Use of gene profiling to describe a niche for dendritic cell development.

Gene profiling provides a multitude of data on individual gene expression. The view is expressed here that unreplicated data can be used in a descriptive way to compare cell populations in terms of their lineage characteristics and function. In these studies, the aim is to provide a snapshot of gene expression or its absence as a reflection of cell lineage or type, rather than gain a reliable expression measure for all genes expressed. The data set used in this analysis represents gene expression in the splenic stroma STX3 supportive of dendritic cell hematopoiesis and the lymph node stroma 2RL22, which is non-supportive. These were obtained by hybridization of Affymetrix U74Av2 genechips. The use of P-value selection to identify genes with a high probability of differential expression has been used effectively to detect differentially expressed genes. Genes that relate to a niche environment for hematopoiesis have been selected for further study to make predictions about the cell types of supportive stroma.

Molecular definition of an in vitro niche for dendritic cell development.
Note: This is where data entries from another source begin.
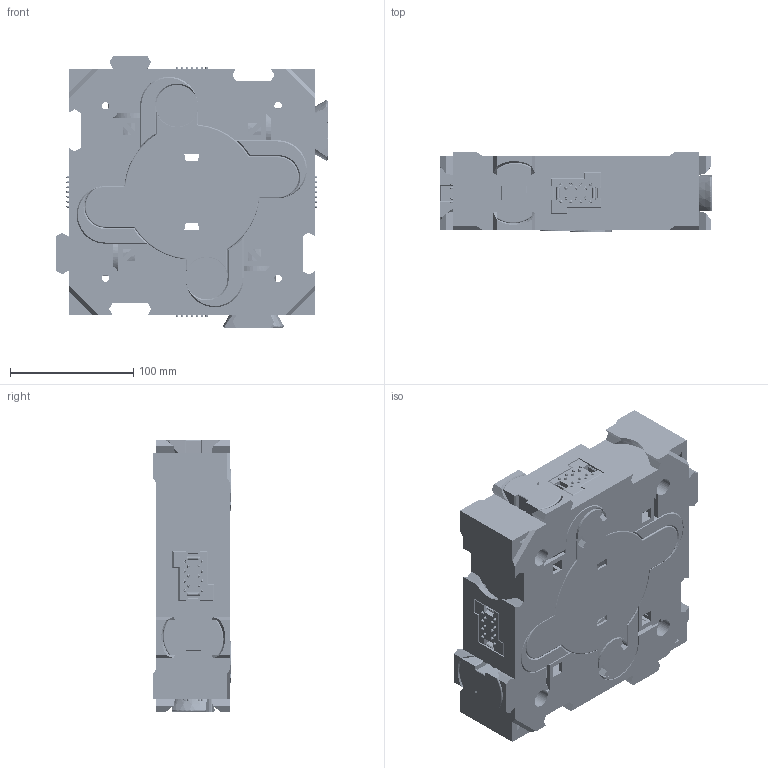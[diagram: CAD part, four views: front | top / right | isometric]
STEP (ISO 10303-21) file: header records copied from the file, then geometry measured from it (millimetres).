
FILE_DESCRIPTION (( 'STEP AP214' ), '1' );
FILE_NAME ('asm_empty_surface_220102.STEP', '2022-02-07T20:12:43', ( '' ), ( '' ), 'SwSTEP 2.0', 'SolidWorks 2020', '' );
FILE_SCHEMA (( 'AUTOMOTIVE_DESIGN' ));
Length unit declared in the file: millimetre
Products named in the file (16): asm_empty_surface_220102; asm_brd2_220111; screw2_220103; connect_board_211223; simple_cup_220102; central_plate; pogopin_cup_220111; angle_211224; pld_8_211217; screw1_211222; rotary_fixer_220101; pogopin_a734_3_3x12_211214; board2_220110; asm_connect_brd_211223; pbd_8r_211217; cap2_220111
Assembly tree (53 placements, depth 4):
  asm_empty_surface_220102
    angle_211224
    rotary_fixer_220101  x4
    screw1_211222  x4
    asm_connect_brd_211223  x4
      connect_board_211223
      pogopin_a734_3_3x12_211214
      pbd_8r_211217
      asm_brd2_220111
        board2_220110
        pld_8_211217  x2
    screw2_220103  x4
    pogopin_cup_220111  x4
    cap2_220111  x8
    central_plate
    simple_cup_220102  x2
Bounding box: 220.35 x 64 x 220 mm (x, y, z)
Volume: 1306106.7 mm3; surface area: 591526.6 mm2
Topology: 108 solids, 108 shells, 5549 faces, 14559 edges, 9342 vertices
Faces by surface type: cylinder 2379, plane 2262, torus 464, cone 244, sphere 112, bspline 88
Entity records: 68379 total; most frequent: CARTESIAN_POINT 17420, ORIENTED_EDGE 10728, DIRECTION 10283, EDGE_CURVE 5364, AXIS2_PLACEMENT_3D 3511, VERTEX_POINT 3508, VECTOR 3261, LINE 3261

OBJECTIVE: Although dendritic cell (DC) precursors have been isolated from many lymphoid sites, the regulation and location of early DC development is still poorly understood. Here we describe a splenic microenvironment that supports DC hematopoiesis in vitro and identify gene expression specific for that niche. METHODS: The DC supportive function of the STX3 splenic stroma and the lymph node-derived 2RL22 stroma for overlaid bone marrow cells was assessed by coculture over 2 weeks. The DC supportive function of SXT3 was identified in terms of specific gene expression in STX3 and not 2RL22 using Affymetrix microchips. RESULTS: STX3 supports DC differentiation from overlaid bone marrow precursors while 2RL22 does not. A dataset of 154 genes specifically expressed in STX3 and not 2RL22 was retrieved from Affymetrix results. Functional annotation has led to selection of 26 genes as candidate regulators of the microenvironment supporting DC hematopoiesis. Specific expression of 14 of these genes in STX3 and not 2RL22 was confirmed by reverse transcription-polymerase chain reaction. CONCLUSION: Some genes specifically expressed in STX3 have been previously associated with hematopoietic stem cell niches. A high proportion of genes encode growth factors distinct from those commonly used for in vitro development of DC from precursors. Potential regulators of a DC microenvironment include genes involved in angiogenesis, hematopoiesis, and development, not previously linked to DC hematopoiesis.